In the following sub-tasks, you’ll create these resources.

Task 2.1: Create an Azure Resource Group

When you create an Azure Resource Group, you need to place it in an Azure region. To determine the name of the region in your location:

1. Sign in to Azure and open the Azure Cloud Shell PowerShell. When Cloud Shell opens, maximize it by clicking the expand icon.

2. Then, on the PowerShell console, run the Get-azLocation command.

Change UK to anything you believe should be in the Display name of the Azure Region.

Get-azLocation | Where-Object {$_.DisplayName -like "*UK*"} 

Note the Location of the region in which you want to migrate your VMs. In my example, I want to deploy to “UK South,” so my location is uksouth.

Once you have the region name, run the PowerShell commands below to create the Azure Resource Group.

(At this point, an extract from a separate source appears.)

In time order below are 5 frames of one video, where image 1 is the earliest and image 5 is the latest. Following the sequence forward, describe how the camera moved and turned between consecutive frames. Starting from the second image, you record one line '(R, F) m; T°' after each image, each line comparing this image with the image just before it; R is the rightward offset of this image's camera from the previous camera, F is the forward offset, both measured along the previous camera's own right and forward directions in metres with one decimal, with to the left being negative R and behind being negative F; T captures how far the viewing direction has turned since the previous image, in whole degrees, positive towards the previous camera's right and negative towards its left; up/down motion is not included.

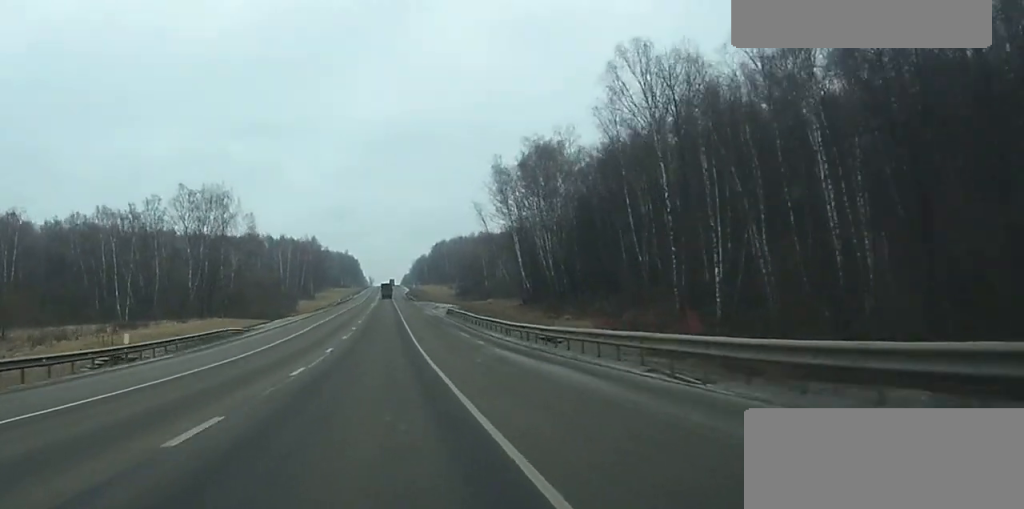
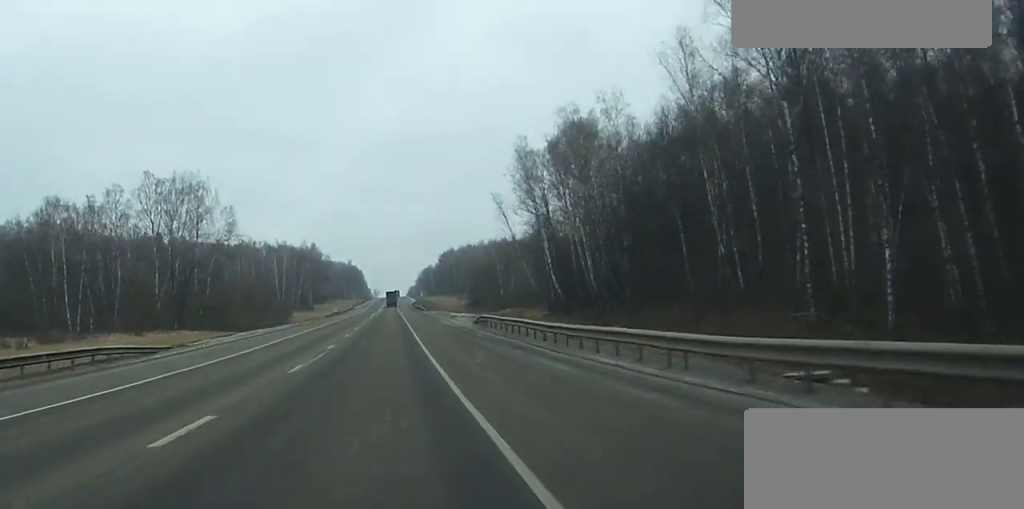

#1. Set location and RG name variables
$RGlocation = 'uksouth'
$RGName="VMware-migration-RG"
#2. Create the Resource Group
New-AzResourceGroup -Location $RGlocation -Name $RGName

Task 2.2: Create an Azure Network Security Group

To create a network security group, run these PowerShell commands:

#1. Set variables
$NSGName="VMware-NSG"
$NSGLocation = 'uksouth'
$NSGRGName="VMware-migration-RG"
#2. Create the Network Security Group
New-AzNetworkSecurityGroup -Name $NSGName -ResourceGroupName $NSGRGName  -Location $NSGLocation

Task 2.3: Configure Firewall Rules on the NSG

Based on the information you compiled in your dependency mapping, create inbound and outbound rules on the newly created NSG. In the example below, I will create an inbound rule allowing TCP/IP port 3389 (RDP port).

1. Search Network security groups and open it from the results. After that, open the NSG you created in Task 2.2.

2. Then, expand the NSG’s Settings and click Inbound security rules > +Add.

3. Finally, configure the inbound rule using my screenshot below.

After creating the inbound rule with the above steps, it will display an alert. If you open the inbound rule, Azure displays the reason for the amber alert. In my example, the reason for the alert is that “RDP port 3389 is exposed to the Internet.”

If you’re migrating Linux VMs, you must also create another Inbound rule allowing access to port 22 so you can SSH to the VMs after migrating them.

Task 2.4: Create an Azure Virtual Network

When you create an Azure vNET, you must specify the AddressPrefix. Furthermore, after creating the vNET, you must create a subnet defining the VM network in the vNET.

This sunset must not overlap with the vNET Address or your on-premises network. Similarly, you must also create an Azure Virtual Network Gateway subnet, which VMs need to connect to external resources.

Run the PowerShell commands below to create these resources.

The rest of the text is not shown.